Data supplied =
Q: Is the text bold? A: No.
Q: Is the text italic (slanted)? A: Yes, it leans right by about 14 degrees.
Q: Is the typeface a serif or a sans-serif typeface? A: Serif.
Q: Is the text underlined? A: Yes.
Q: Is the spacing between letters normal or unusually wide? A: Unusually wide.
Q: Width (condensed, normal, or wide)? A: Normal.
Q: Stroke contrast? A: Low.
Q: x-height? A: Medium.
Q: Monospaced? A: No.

* * *

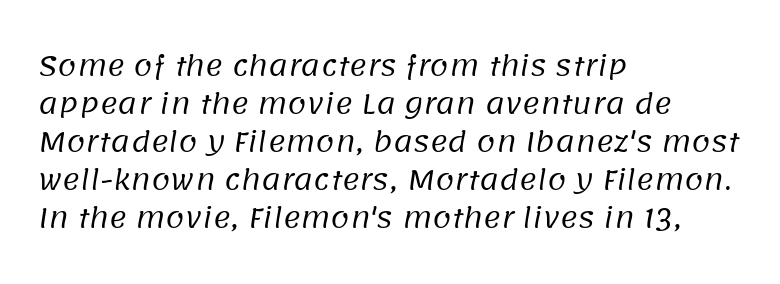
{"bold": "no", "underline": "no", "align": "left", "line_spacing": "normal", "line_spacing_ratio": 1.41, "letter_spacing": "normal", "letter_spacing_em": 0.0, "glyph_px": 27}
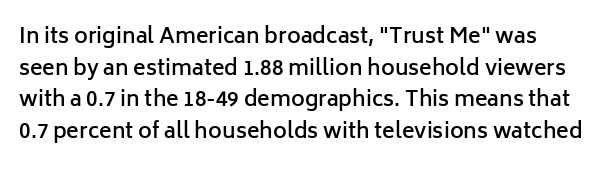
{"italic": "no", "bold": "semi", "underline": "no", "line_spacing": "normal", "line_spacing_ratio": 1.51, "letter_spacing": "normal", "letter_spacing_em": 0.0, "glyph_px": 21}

--

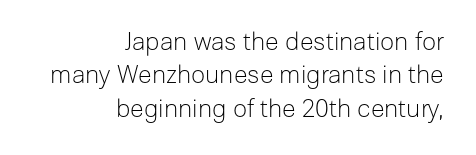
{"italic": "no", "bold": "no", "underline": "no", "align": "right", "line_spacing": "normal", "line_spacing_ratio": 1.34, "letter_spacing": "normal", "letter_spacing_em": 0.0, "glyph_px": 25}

Task = In the listing, return each line containing the string "normal".

Answer to this exercise =
Q: Is the spacing between letters normal or unusually wide? A: Unusually wide.
Q: Width (condensed, normal, or wide)? A: Normal.
{"bold": "no", "underline": "no", "align": "left", "line_spacing": "normal", "line_spacing_ratio": 1.41, "letter_spacing": "normal", "letter_spacing_em": 0.0, "glyph_px": 27}
{"italic": "no", "bold": "semi", "underline": "no", "line_spacing": "normal", "line_spacing_ratio": 1.51, "letter_spacing": "normal", "letter_spacing_em": 0.0, "glyph_px": 21}
{"italic": "no", "bold": "no", "underline": "no", "align": "right", "line_spacing": "normal", "line_spacing_ratio": 1.34, "letter_spacing": "normal", "letter_spacing_em": 0.0, "glyph_px": 25}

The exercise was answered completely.